Mutilazione fisica, portata dalla guerra intestina che dilania l’Afghanistan
da vent’anni, e mutilazione spirituale, perché quelle gambe che
volteggiano libere nell’aria non possono non richiamare le gambe femminili
nascoste sotto il burqa, l’abito-grata che ricopre le donne per intero,
in un paese in cui solo far vedere le caviglie costa loro la fustigazione
pubblica.
Nafas, la protagonista, torna dal Canada nel suo paese d’origine, per
salvare la sorella che ha deciso di togliersi la vita prima dell’eclissi
di sole che sta per verificarsi: il suo viaggio, da donna libera e ormai
culturalmente occidentale, è quello del progressivo seppellimento
della propria identità, un oscuramento morale di cui il burqa
è solo la manifestazione visibile.

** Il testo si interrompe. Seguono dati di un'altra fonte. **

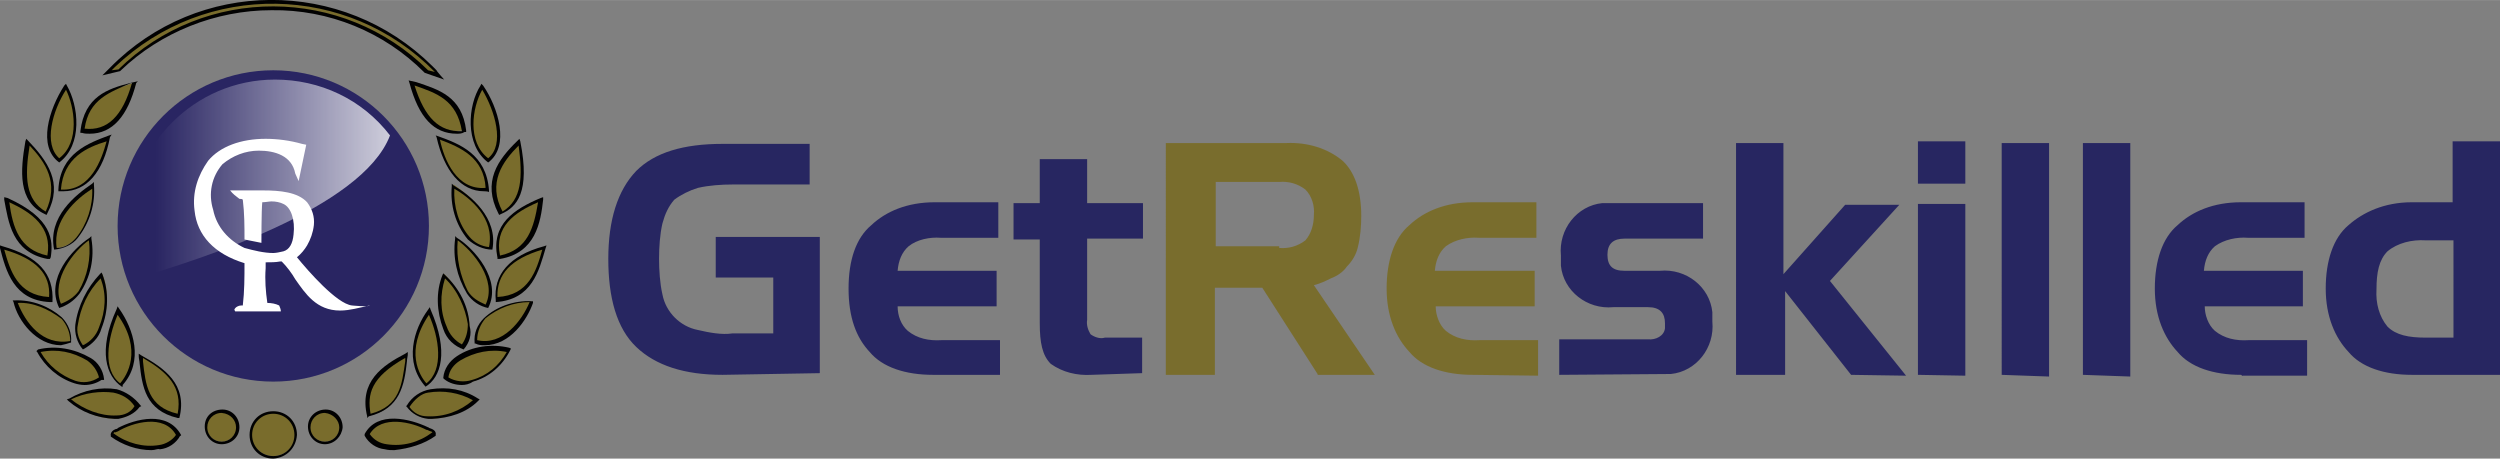 <?xml version="1.0" encoding="utf-8"?><svg id="Layer_1" xmlns="http://www.w3.org/2000/svg" width="245.5" height="45.04" viewBox="0 0 295.5 54.2"><rect x="0" y="0" width="295.5" height="54.2" fill="#808080" stroke="none"/><style>.st0{fill:#796C2C;} .st1{fill:#010101;} .st2{fill:#292562;} .st3{fill:#FFFFFF;} .st4{fill:url(#SVGID_1_);} .st5{fill:#272661;} .st6{fill:#796D2D;}</style><title>logo</title><path class="st0" d="M51.4 8.4c-10.2-10.6-27-11-37.6-.9l-.6.6-.4.4 1.4-.3c10.1-9.8 26.1-9.7 36.2.2l1.5.5-.5-.5z"/><path class="st1" d="M52.5 9.4l-2.3-.8-.1-.1c-4.7-4.7-11.2-7.4-18-7.3-6.6 0-13.1 2.6-17.8 7.1l-.1.1-2.1.5.9-.9C23.4-2.6 40.5-2.7 51.1 7.8l.5.5c0 .1.9 1.1.9 1.1zm-1.9-1.1l.8.2C41.1-2 24.3-2.3 13.6 7.9l-.4.4.8-.1c10.2-10 26.5-9.9 36.6.1z"/><circle class="st2" cx="32.3" cy="26.7" r="18.4"/><path class="st3" d="M41.6 36.1c-1.8-.2-5.2-4.1-6.5-5.7.5-.4.9-.9 1.2-1.4.4-.7.7-1.5.8-2.4.1-1-.2-1.9-.8-2.7-1.1-1.2-3.2-1.4-5.2-1.4h-3.9c.3.4.7.7 1.1 1 .2 0 .3 0 .4.1.2 1.6.2 3.2.2 4.7l2 .4s0-3.9.1-4.8c.4 0 .8-.1 1.1-.1.5 0 1 .1 1.4.3.9.4 1.4 1.9 1.2 3.6-.1 1.1-.5 1.8-1.2 2-.4.1-.9.2-1.2.2-1.1 0-2.3-.3-3.4-.6-1.9-.9-3.3-2.5-3.7-4.5-.6-1.9-.2-3.9 1.1-5.4 1.2-1 2.7-1.6 4.3-1.6 1.9 0 3.9.6 4.3 2.7l.4.9.9-4.3-.5-.1c-1.4-.4-2.9-.6-4.3-.6-2.9 0-5.4.9-6.8 2.6-1.2 1.7-1.9 3.7-1.6 5.9.3 2.9 2.3 5.1 5.9 6.2 0 1.7 0 3.3-.2 5h-.2c-.3 0-.7.2-.8.5l.1.2h5.4c0-.2-.1-.5-.2-.7-.4-.2-.9-.3-1.4-.3-.2-1.4-.3-2.7-.2-4.1V31c.6 0 1.2 0 1.7-.1h.2c.6.6 1.2 1.4 1.6 2.1 1.2 1.7 2.5 3.7 5.3 3.7.6 0 1.2-.1 1.7-.2l1.8-.4c-.1.2-2.1 0-2.1 0z"/><linearGradient id="SVGID_1_" gradientUnits="userSpaceOnUse" x1="15.298" y1="2226.834" x2="54.334" y2="2226.834" gradientTransform="translate(0 -2205.8)"><stop offset=".08" stop-color="#FFF" stop-opacity="0"/><stop offset="1" stop-color="#FFF"/></linearGradient><path class="st4" d="M46.1 16c-3.3-4.3-8.3-6.6-13.6-6.6-9.5 0-17.2 7.8-17.2 17.2 0 2.1.4 4.2 1.1 6.2 6.7-2 26.4-8.1 29.7-16.8z"/><circle class="st0" cx="32.3" cy="51.3" r="2.6"/><path class="st1" d="M32.3 54.2c-1.6 0-2.8-1.2-2.8-2.8 0-1.6 1.2-2.8 2.8-2.8 1.6 0 2.8 1.2 2.8 2.8-.1 1.5-1.2 2.7-2.8 2.8zm0-5.3c-1.4 0-2.5 1.1-2.5 2.5s1.1 2.5 2.5 2.5 2.5-1.1 2.5-2.5-1.1-2.5-2.5-2.5z"/><circle class="st0" cx="26.2" cy="50.4" r="1.8"/><path class="st1" d="M26.2 52.5c-1.1 0-2-.9-2-2.1 0-1.2.9-2 2.1-2 1.1 0 2 .9 2 2.1 0 1.1-.9 2-2.1 2zm0-3.7c-1 0-1.7.8-1.7 1.7 0 1 .8 1.7 1.7 1.7.9 0 1.7-.7 1.7-1.7 0-.8-.6-1.6-1.7-1.7z"/><circle class="st0" cx="38.4" cy="50.4" r="1.8"/><path class="st1" d="M38.4 52.5c-1.1 0-2-.9-2-2.1 0-1.1.9-2 2.1-2 1.1 0 2 .9 2 2.1-.1 1.1-1 2-2.1 2zm0-3.7c-1 0-1.7.8-1.7 1.7 0 1 .8 1.7 1.7 1.7.9 0 1.7-.7 1.7-1.7 0-.8-.7-1.6-1.7-1.7z"/><path class="st0" d="M16.1 9.7c-.9 3.2-2.6 6.3-6.2 5.7.4-4.1 3.4-4.8 6.2-5.7z"/><path class="st1" d="M10.6 15.8c-.3 0-.6 0-.9-.1h-.2v-.2c.5-4.1 3.2-5 5.9-5.7l.9-.2-.2.2c-1 3.9-2.8 6-5.5 6zm-.6-.6c2.7.3 4.5-1.5 5.6-5.4h-.1c-2.5 1.1-5 1.9-5.5 5.4z"/><path class="st0" d="M7.8 10.2c1.4 2.1 2 6.6-.7 8.8-2.4-1.8-1.2-6.2.7-8.8z"/><path class="st1" d="M7 19.2c-2.6-1.9-1.2-6.3.6-9.1l.2-.2.1.2c1.4 2.4 1.9 7-.9 9.1zm.8-8.6C6.2 13.1 5.1 17 7 18.7c2.5-1.9 1.8-6.1.8-8.1z"/><path class="st0" d="M7 22.5c.1-4.2 3.3-5.4 5.9-6.3-.8 3.6-2.6 6.5-5.9 6.3z"/><path class="st1" d="M7.5 22.6h-.6v-.2c.2-4.3 3.6-5.5 6-6.4l.3-.1-.2.3c-.8 4.2-2.8 6.4-5.5 6.4zm-.3-.2c3.5.2 4.8-3.5 5.4-5.7-2.3.7-5.1 1.9-5.4 5.7z"/><path class="st0" d="M3.3 16.9c1.9 2 4.2 4.5 2.1 8.3-2.9-1.4-2.7-4.8-2.1-8.3z"/><path class="st1" d="M5.5 25.4l-.2-.1c-3.2-1.5-2.9-5.1-2.3-8.6l.1-.3.2.2c2.3 2.4 4.2 5 2.3 8.6l-.1.2zm-2-8.2c-.6 3.7-.5 6.4 1.9 7.8 1.6-3.4 0-5.8-1.9-7.8z"/><path class="st0" d="M11 21.8c.3 3.4-1.5 7.5-4.5 7.5-.6-3.6 2.5-6.1 4.5-7.5z"/><path class="st1" d="M6.4 29.5c-.8-3.9 2.6-6.5 4.5-7.8l.2-.2v.3c.2 2.3-.5 4.5-1.9 6.3-.6.8-1.7 1.3-2.8 1.4 0-.1 0 0 0 0zm4.5-7.2c-1.9 1.2-4.7 3.7-4.2 7 .9 0 1.7-.5 2.3-1.2 1.3-1.6 2-3.8 1.9-5.8z"/><path class="st0" d="M.9 23.5c3.2 1.4 5.6 3.2 5 6.9-4.2-.7-4.7-3.8-5-6.9z"/><path class="st1" d="M5.9 30.6h-.3c-4.2-.8-4.6-4.4-5.1-7v-.3l.4.1c5.3 2.4 5.4 5 5.1 7l-.1.2zm-4.8-6.7c.4 3 1.2 5.6 4.5 6.3.6-3.4-1.9-5.1-4.5-6.3z"/><path class="st0" d="M10.7 28.1c.5 2.9-.8 7.5-3.7 8-1.5-3 1.7-6.6 3.7-8z"/><path class="st1" d="M7 36.4c-1.7-3.5 1.6-7 3.6-8.3l.2-.2v.3c.4 2.3-.1 4.6-1.4 6.5-.7.9-1.5 1.4-2.4 1.7zm3.5-8C8.8 29.6 6 33 7.2 35.9c.8-.3 1.6-.8 2.1-1.5 1-1.7 1.5-3.9 1.2-6z"/><path class="st0" d="M.3 29.2c3.8 1.1 6 2.9 5.7 6.2-4.2-.3-5-3.5-5.7-6.2z"/><path class="st1" d="M6.2 35.7h-.3C1.6 35.5.7 32 0 29.3V29l.3.1c4.2 1.2 6.1 3.2 5.9 6.6zM.5 29.5c.7 2.5 1.6 5.4 5.3 5.6.2-2.7-1.5-4.5-5.3-5.6z"/><path class="st0" d="M12.1 32.4c1.1 2.4.6 7.4-2.3 8.4-1.9-2 .4-6.6 2.3-8.4z"/><path class="st1" d="M9.8 41.3c-.7-.8-1-1.9-.9-2.9.3-2.3 1.4-4.4 2.9-6l.2-.2.1.2c.8 2.1.7 4.4-.1 6.4-.3 1.1-1.1 1.9-2.2 2.5-.1 0 0 0 0 0zm2.1-8.4c-1.5 1.5-2.4 3.5-2.7 5.5-.2.8.1 1.7.6 2.4.9-.4 1.6-1.2 1.9-2.1.8-2 .9-3.9.2-5.8z"/><path class="st0" d="M13.9 36.6c1.5 2 2.9 5.9.4 8.8-2.4-1.5-2-5.4-.4-8.8z"/><path class="st1" d="M14.4 45.7c-1.8-1.2-2.9-4.2-.6-9.2l.1-.3.2.3c1.7 2.4 2.9 6.2.4 9v.2zm-.5-8.5c-1.2 2.9-1.8 6.5.3 8.1.8-.9 2.7-3.9-.3-8.1z"/><path class="st0" d="M8.3 40.4c-3.6.9-5.9-2.8-6.5-4.7 3.5-.1 6.8 1.7 6.5 4.7z"/><path class="st1" d="M7.2 40.8c-2.9 0-5.1-2.9-5.6-5.1l-.1-.2h.2c2.1-.1 4.1.7 5.6 2 .8.8 1.2 1.9 1.1 2.9v.1h-.1c-.3.1-.6.2-1.1.3zm-5.1-5c.9 2.3 2.9 5.1 6.2 4.5 0-1-.4-1.9-1-2.6-1.6-1.2-3.4-2-5.2-1.9z"/><path class="st0" d="M16.6 42c2.9 1.6 5.4 3.5 4.5 7.1C17 48.3 17 45 16.6 42z"/><path class="st1" d="M21.2 49.4H21c-3.8-.9-4.2-3.7-4.5-6.5 0-.2-.1-.5-.1-.8v-.3l.3.2c2.7 1.5 5.5 3.4 4.5 7.4zm-4.3-7.1v.4c.3 2.8.6 5.4 4.1 6.2.6-3.2-1.2-4.9-4.1-6.6z"/><path class="st0" d="M11.9 44.7c-2.6 2-6.5-1.1-7.4-3.2 2.7-.8 7.1.3 7.4 3.2z"/><path class="st1" d="M10 45.5c-.4 0-.9-.1-1.2-.2-1.9-.6-3.5-2-4.4-3.7l-.1-.1.2-.2c2.1-.5 4.3-.1 6.2 1 .9.5 1.5 1.5 1.6 2.5v.1H12c-.6.4-1.3.6-2 .6zm-5.2-3.9c.9 1.6 2.4 2.8 4.1 3.4.9.3 1.9.2 2.8-.4-.2-.8-.7-1.5-1.4-2-1.7-1-3.5-1.4-5.5-1z"/><path class="st0" d="M16.3 48.1c-1.6 2.5-6.2 1.2-8.1-.9 2-1.4 6.4-2 8.1.9z"/><path class="st1" d="M13.5 49.5c-2-.1-3.9-.8-5.4-2.1l-.2-.2.3-.1c1.7-1 3.7-1.4 5.6-1.1 1.1.3 2.1 1 2.8 1.9l.1.1-.2.1c-.6.8-1.5 1.2-2.5 1.4h-.5c-.1 0 0 0 0 0zm-5.1-2.3c1.5 1.2 3.5 2 5.4 1.9.9 0 1.7-.4 2.1-1.1-.6-.9-1.5-1.4-2.5-1.6-1.5-.2-3.4 0-5 .8z"/><path class="st0" d="M21.2 51.3c-1.4 2.4-5.5 1.8-7.9 0-.1-.3.4-.4.8-.7 1.7-.8 5.6-2.1 7.1.7z"/><path class="st1" d="M17.9 53.2c-1.7 0-3.4-.6-4.8-1.6v-.1c-.1-.4.3-.7.6-.8.1 0 .2 0 .2-.1 2.1-1.1 5.9-2.1 7.5.8v.1h-.1c-.5.9-1.4 1.5-2.4 1.6-.3-.1-.5.1-1 .1zm-4.5-2c1.6 1.2 3.6 1.7 5.4 1.4.8-.1 1.6-.6 2-1.2-1.4-2.5-5.1-1.5-6.9-.4-.1 0-.2.1-.3.1 0-.1-.1 0-.2.1z"/><path class="st0" d="M48.5 9.7c.9 3.2 2.6 6.3 6.2 5.7-.3-4.1-3.3-4.8-6.2-5.7z"/><path class="st1" d="M54 15.8c-2.7 0-4.5-1.9-5.6-6l-.1-.3.9.2c2.7.9 5.4 1.7 5.9 5.7v.2h-.2c-.3.2-.6.2-.9.2zm-5-5.7c1.2 3.8 2.9 5.5 5.6 5.4-.6-3.7-3-4.5-5.6-5.4z"/><path class="st0" d="M57 10.2c-1.4 2.1-2 6.6.7 8.8 2.2-1.8 1.1-6.2-.7-8.8z"/><path class="st1" d="M57.7 19.2c-2.8-2.1-2.4-6.8-.9-9.1l.1-.2.2.2c1.8 2.6 3.2 7.2.6 9.1zm-.7-8.6c-1.2 2.1-1.8 6.2.7 8.1 2-1.6.8-5.6-.7-8.1z"/><path class="st0" d="M57.6 22.5c-.1-4.2-3.3-5.4-5.9-6.3.7 3.6 2.7 6.5 5.9 6.3z"/><path class="st1" d="M57.2 22.6c-2.7 0-4.7-2.4-5.6-6.4l-.1-.2.3.1c2.5.9 5.7 2.1 6 6.4v.2c-.1-.1-.6-.1-.6-.1zM52 16.5c.5 2.4 2 6 5.4 5.7-.2-3.6-3-4.8-5.4-5.7z"/><path class="st0" d="M61.3 16.9c-1.9 2-4.2 4.5-2.1 8.3 3-1.4 2.7-4.8 2.1-8.3z"/><path class="st1" d="M59 25.4l-.1-.2c-1.9-3.7-.1-6.3 2.3-8.6l.2-.2.1.3c1.2 6-.4 7.8-2.3 8.6l-.2.1zm2.3-8.2c-1.9 1.9-3.7 4.4-1.9 7.8 2.3-1.4 2.4-4.1 1.9-7.8z"/><path class="st0" d="M53.6 21.8c-.3 3.4 1.5 7.5 4.5 7.5.7-3.6-2.5-6.1-4.5-7.5z"/><path class="st1" d="M58.2 29.5c-1.1 0-2.1-.5-2.9-1.2-1.5-1.8-2.1-4.1-1.9-6.3v-.3l.2.2c2 1.2 5.3 3.8 4.6 7.6zm-4.5-7.2c-.1 2.1.5 4.2 1.8 5.7.6.7 1.4 1.1 2.3 1.2.7-3.4-2.2-5.8-4.1-6.9z"/><path class="st0" d="M63.8 23.5c-3.2 1.4-5.7 3.2-5 6.9 4.2-.7 4.6-3.8 5-6.9z"/><path class="st1" d="M58.8 30.6v-.2c-.8-3.9 2-5.7 5.1-7l.3-.1v.3c-.3 2.7-.9 6.3-5.1 7h-.3zm4.8-6.7c-2.8 1.2-5.2 2.9-4.5 6.3 3.3-.7 4-3.3 4.5-6.3z"/><path class="st0" d="M53.9 28.1c-.5 2.9.8 7.5 3.7 8 1.4-3-1.6-6.6-3.7-8z"/><path class="st1" d="M57.7 36.4c-1-.2-1.9-.8-2.5-1.7-1.2-2-1.7-4.3-1.4-6.5v-.3l.2.2c2 1.2 5.4 5 3.7 8.3zm-3.6-8c-.2 2.1.3 4.2 1.2 6 .5.8 1.2 1.2 2.1 1.6 1.4-2.9-1.5-6.3-3.3-7.6z"/><path class="st0" d="M64.3 29.2c-3.7 1.1-6 2.9-5.6 6.2 4.1-.3 5-3.5 5.6-6.2z"/><path class="st1" d="M58.6 35.7v-.2c-.3-3 1.6-5.3 5.7-6.4l.3-.1-.1.3c-.8 2.7-1.6 6.1-5.9 6.4 0-.1 0 0 0 0zm5.5-6.2c-3.7 1.1-5.4 2.9-5.3 5.6 3.7-.2 4.6-3.1 5.3-5.6z"/><path class="st0" d="M52.5 32.4c-1.1 2.4-.7 7.4 2.3 8.4 1.9-2-.3-6.6-2.3-8.4z"/><path class="st1" d="M54.8 41.3c-1.1-.4-2-1.2-2.4-2.4-.8-2.1-.9-4.4-.1-6.4l.1-.2.2.2c1.7 1.6 2.8 3.7 2.9 6 .3 1 0 2-.7 2.8zm-2.2-8.4c-.6 1.9-.6 3.9.2 5.7.3.9 1 1.7 1.8 2.1.5-.7.7-1.5.7-2.4-.3-1.9-1.2-4-2.7-5.4z"/><path class="st0" d="M50.7 36.6c-1.5 2-2.9 5.9-.4 8.8 2.4-1.5 2-5.4.4-8.8z"/><path class="st1" d="M50.3 45.7c-2.6-2.9-1.4-6.8.3-9.1l.2-.3.1.3c2.2 5 1.2 8-.6 9.1zm.4-8.5c-2.9 4.3-1.1 7.2-.3 8.1 2.1-1.6 1.5-5.4.3-8.1z"/><path class="st0" d="M56.3 40.4c3.7.9 5.9-2.8 6.5-4.8-3.4 0-6.7 1.8-6.5 4.8z"/><path class="st1" d="M57.3 40.8c-.4 0-.7 0-1.1-.2h-.1v-.1c-.1-1.1.3-2.1 1.1-2.9 1.5-1.4 3.6-2.1 5.6-2h.2v.2c-.7 2-2.7 5-5.7 5zm-.9-.6c3 .7 5.3-2.3 6.2-4.5-1.9 0-3.7.7-5.2 1.9-.6.7-1 1.6-1 2.6z"/><path class="st0" d="M48.1 42c-2.9 1.6-5.4 3.5-4.5 7.1 4-.8 4-4.1 4.5-7.1z"/><path class="st1" d="M43.4 49.4v-.2c-1-4.1 1.8-6 4.5-7.4l.3-.2v.3c0 .2-.1.5-.1.8-.3 2.8-.8 5.6-4.5 6.5l-.2.2zm4.5-7.1c-4.1 2.3-4.5 4.3-4.1 6.6 3.5-.9 3.7-3.5 4.1-6.2v-.4z"/><path class="st0" d="M52.7 44.7c2.6 1.9 6.5-1.1 7.4-3.2-2.8-.8-7 .3-7.4 3.2z"/><path class="st1" d="M54.6 45.5c-.7 0-1.5-.2-2.1-.7l-.1-.1v-.1c.1-1 .7-1.9 1.6-2.5 1.8-1.2 4.1-1.5 6.2-1l.2.1-.1.2c-.9 1.8-2.5 3.2-4.4 3.7-.4.3-.9.4-1.3.4zm-1.6-.9c.8.5 1.9.6 2.8.3 1.8-.5 3.2-1.7 4.1-3.3-1.9-.4-3.8 0-5.5 1-.8.5-1.3 1.2-1.4 2z"/><path class="st0" d="M48.2 48.1c1.6 2.5 6.2 1.2 8.1-.9-1.8-1.4-6.4-2-8.1.9z"/><path class="st1" d="M51.1 49.5h-.5c-1-.1-1.9-.6-2.5-1.4L48 48l.1-.1c.6-1 1.6-1.7 2.8-1.9 2-.3 3.9 0 5.6 1.1l.2.1-.2.2c-1.4 1.4-3.4 2-5.4 2.1zm-2.7-1.4c.5.7 1.2 1.1 2.1 1.1 2 .1 3.9-.6 5.4-1.9-1.6-.9-3.5-1.2-5.3-.9-.8.1-1.6.8-2.2 1.7z"/><path class="st0" d="M43.4 51.3c1.4 2.4 5.5 1.8 7.9 0 .1-.3-.4-.4-.8-.7-1.5-.8-5.6-2.1-7.1.7z"/><path class="st1" d="M46.6 53.2c-.4 0-.7 0-1.1-.1-1-.1-1.9-.7-2.4-1.6v-.2c1.5-2.8 5.4-1.8 7.5-.8.1 0 .1.1.2.1.3.1.8.3.7.8v.1c-1.4 1-3.1 1.5-4.9 1.7zm-2.9-1.9c.5.7 1.2 1.1 2 1.2 1.9.3 3.8-.2 5.4-1.4 0-.1-.2-.1-.4-.2s-.2-.1-.3-.1c-1.7-.9-5.3-1.8-6.7.5z"/><path class="st5" d="M85.4 44.3c-4.5 0-7.9-1.1-10.2-3.3-2.3-2.2-3.3-5.8-3.3-10.4s1.1-8.1 3.3-10.4C77.4 18 80.8 17 85.4 17h10.3v4.8h-9.1c-1.3 0-2.8.1-4.1.4-1 .3-2 .8-2.8 1.4-.7.8-1.1 1.7-1.4 2.8-.3 1.3-.4 2.8-.4 4.2 0 1.3.1 2.9.4 4.2.4 2.1 2.1 3.8 4.2 4.2 1.3.3 2.8.6 4.1.4h4.8v-6.6h-6.8V28h12.3v16.1l-11.5.2zm24.9 0c-3.3 0-6-.9-7.5-2.7-1.6-1.7-2.5-4.1-2.5-7.5s.9-6 2.7-7.5c1.7-1.6 4.2-2.7 7.5-2.7h7.5v4.2h-6.8c-1.3-.1-2.8.2-3.8 1-.8.7-1.2 1.7-1.3 2.9h11.7v4.2h-11.7c0 1.1.4 2.2 1.2 2.9 1.1.9 2.5 1.2 4 1.1h6.9v4.1h-7.9zm18.7 0c-1.7.1-3.4-.3-4.8-1.3-1-1-1.3-2.5-1.3-4.8v-9.9h-3.1V24h3.1v-5.2h5.6V24h6.6v4.2h-6.6v9.6c-.1.6.1 1.2.4 1.7.4.3 1.1.6 1.7.4h4.4v4.2l-6 .2z"/><path class="st6" d="M155.8 44.3L149.2 34h-5.6v10.3h-5.8V16.9h14.3c2.4-.1 4.8.6 6.6 2.1 1.4 1.3 2.2 3.5 2.2 6.5 0 1.2-.1 2.5-.4 3.7-.2.9-.7 1.7-1.3 2.3-.4.6-1.1 1.1-1.9 1.4-.6.3-1.2.6-2 .8l7.2 10.6h-6.8c.1-.1.1 0 .1 0zm-4.6-15c1.1.1 2.2-.2 3.1-.9.7-.8 1-1.9 1-3 .1-1-.2-2.2-1-3-.9-.7-2-1-3.1-.9h-7.5v7.6h7.5v.2zm22.9 15c-3.3 0-6-.9-7.5-2.7-1.6-1.7-2.7-4.2-2.7-7.5s.9-6 2.7-7.5c1.7-1.6 4.2-2.7 7.5-2.7h7.5v4.2h-6.8c-1.3-.1-2.8.2-3.9 1-.8.7-1.2 1.7-1.3 2.9h11.8v4.2h-11.7c0 1 .4 2.2 1.2 2.9 1.1.9 2.5 1.2 4 1.1h6.9v4.2l-7.7-.1z"/><path class="st5" d="M184.3 44.3v-4.2h10.5c.9.1 1.9-.4 2-1.3v-.6c0-1.2-.6-1.9-2-1.9h-4.1c-3.1.3-5.9-1.9-6.2-4.9v-1.2c-.3-3.1 1.9-5.9 4.9-6.2h11.9v4.2H192c-1.3 0-2 .6-2 1.9s.6 1.9 2 1.9h4.2c3.1-.3 5.9 1.9 6.2 4.9V38c.3 3.1-1.9 5.9-4.9 6.2l-13.2.1zm34.5 0l-7.8-9.9v9.9h-5.8V16.9h5.6v15.5l7.3-8.2h6.4l-8.2 9 9 11.2-6.5-.1zm7.9-22.6v-5h5.6v5h-5.6zm0 22.6V24.1h5.6v20.3l-5.6-.1zm9.9 0V16.9h5.6v27.6l-5.6-.2zm9.6 0V16.9h5.6v27.6l-5.6-.2zm18.7 0c-3.3 0-6-.9-7.5-2.7-1.6-1.7-2.7-4.2-2.7-7.5s.9-6 2.7-7.5c1.7-1.6 4.2-2.7 7.5-2.7h7.5v4.2h-6.7c-1.3-.1-2.8.2-3.9 1-.8.7-1.2 1.7-1.3 2.9h11.7v4.2h-11.6c0 1 .4 2.2 1.2 2.9 1.1.9 2.5 1.2 4 1.1h6.9v4.2h-7.6c0 .1-.2-.1-.2-.1zm20.2 0c-3.3 0-6-.9-7.5-2.7-1.6-1.7-2.7-4.2-2.7-7.5s.9-6 2.7-7.5c1.7-1.5 4.2-2.7 7.5-2.7h4.8v-7.2h5.6v27.6h-10.4zm4.9-15.9h-3.3c-1.6-.1-3.3.3-4.5 1.3-1 1-1.3 2.5-1.3 4.5-.1 1.6.3 3.2 1.3 4.4 1 1 2.5 1.3 4.5 1.3h3.3V28.4z"/></svg>

Nell’inquadratura che apre
e chiude il film, Nafas sente infatti il bisogno di pronunciare a noi
e a se stessa il proprio nome, prima di calarsi il velo sul volto: nafas
in arabo sta per “respirazione” e la donna compie così il suo
ultimo respiro prima di vivere sulla sua pelle l’esperienza di una rimozione
sociale (e sessuale) completa. Nessuno sbocco all’esterno è possibile
in senso autonomo, ma solo se funzionale alla famiglia e al suo capo,
come sanciscono le foto ricordo scattate prima di attraversare il confine.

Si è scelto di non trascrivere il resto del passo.